- Born: 4 October 1773 Spitalfields, Middlesex, England
- Died: 20 January 1862 (aged 88) Hoddesdon, Hertfordshire, England
- Resting place: Hoddesdon
- Occupations: poet, hymnist
- Partner: Mary Jane McKenzie
- Writing career
- Language: English
- Genres: poems, hymns
- Notable works: The Spirit of the Psalms: Or, a Compressed Version of Select Portions of the Psalms of David, Adapted to Christian Worship

= Harriet Auber =

English poet and hymnist (1773–1862)

Harriet Auber (4 October 1773 — 20 January 1862) was an English poet and hymnist. She is best remembered for her collection The Spirit of the Psalms, published in 1829, and for her hymn "Our blest Redeemer, ere he breathed," a treatise on the Holy Spirit and his work.

==Early years==
Henriette ("Harriet") Auber was born in Spitalfields, London, on 4 October 1773. Her actual name was Henriette, but she was known as Harriet. She was the daughter of James Auber, of Hackney, a Church of England clergyman. The family was of French Protestant extraction, and probably of the same lineage as the musical composer Daniel Francois Esprit Auber.

==Career==
Auber lived in a quiet and secluded home, first at Broxbourne, and then at Hoddesdon, Hertfordshire, with her sisters. She occupied much of her time in poetic composition, most of which remained unpublished. She had a large circle of relatives and friends.

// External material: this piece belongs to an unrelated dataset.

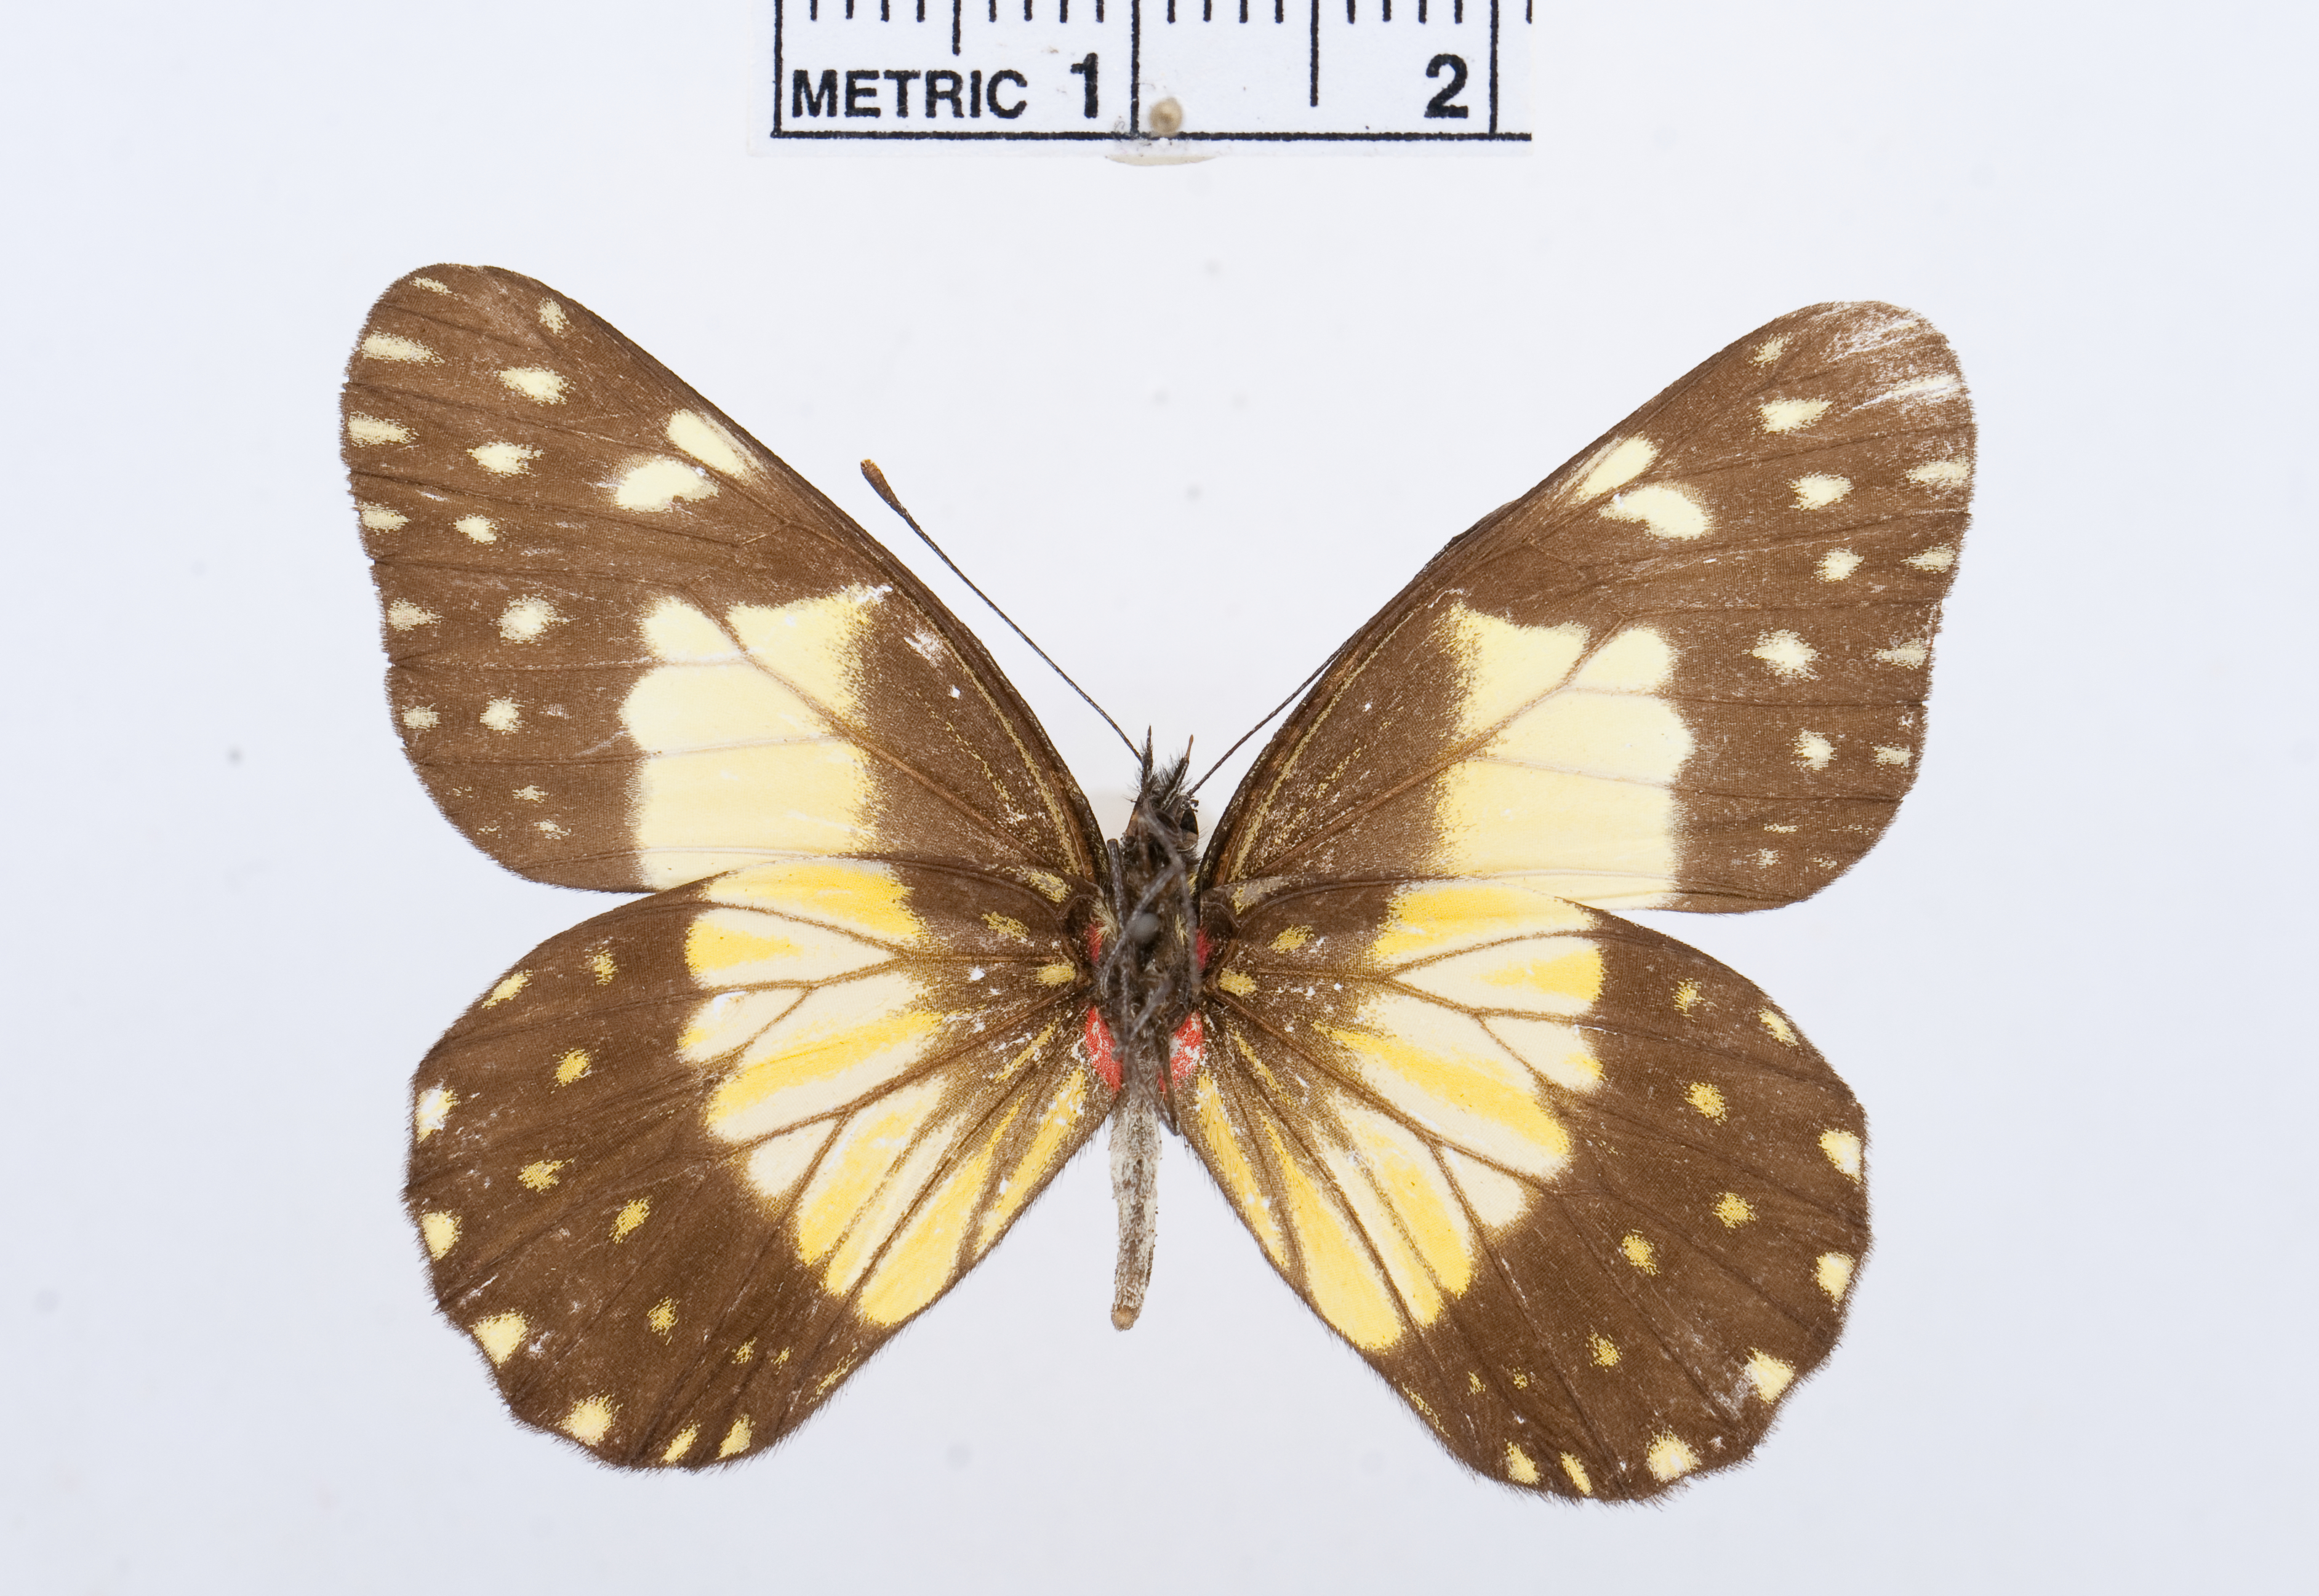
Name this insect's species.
Catasticta sisamnus
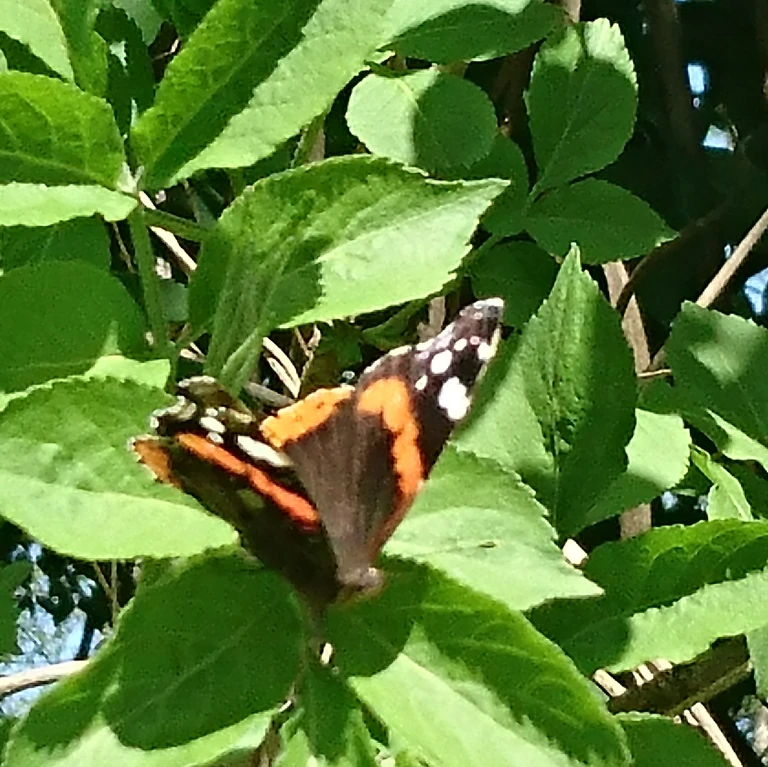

In 1829 The Spirit of the Psalms; or, a Compressed Version of Select Portions of the Psalms of David was published at London anonymously. Several of these Psalms were transferred to the Church Psalmody, Boston, 1831, and other collections, where they were credited to the Spirit of the Psalms. In 1834, Rev. Henry Francis Lyte's book appeared, also entitled The Spirit of the Psalms. Led simply by the title, and not aware that the two books were entirely different, or that there were two books of the same name, subsequent compilers credited these hymns to Rev. Lyte. However, the earlier work was the production of Auber, published when she was 56. It contains a few selections from well-known authors, to some of which the names are attached; the larger part of the pieces, however, were written by Auber.

==Later years==
During the latter years of her life, Auber lived with her valued friend, Miss Mary Jane McKenzie, the author of the tale "Private Life" as well as "Lectures on the Parables" and "Lectures on the Miracles". Auber died on 20 January 1862, at the age of 88, at her residence in Hoddesdon, Hertfordshire. She was buried there beside McKenzie, whom she had survived a few years.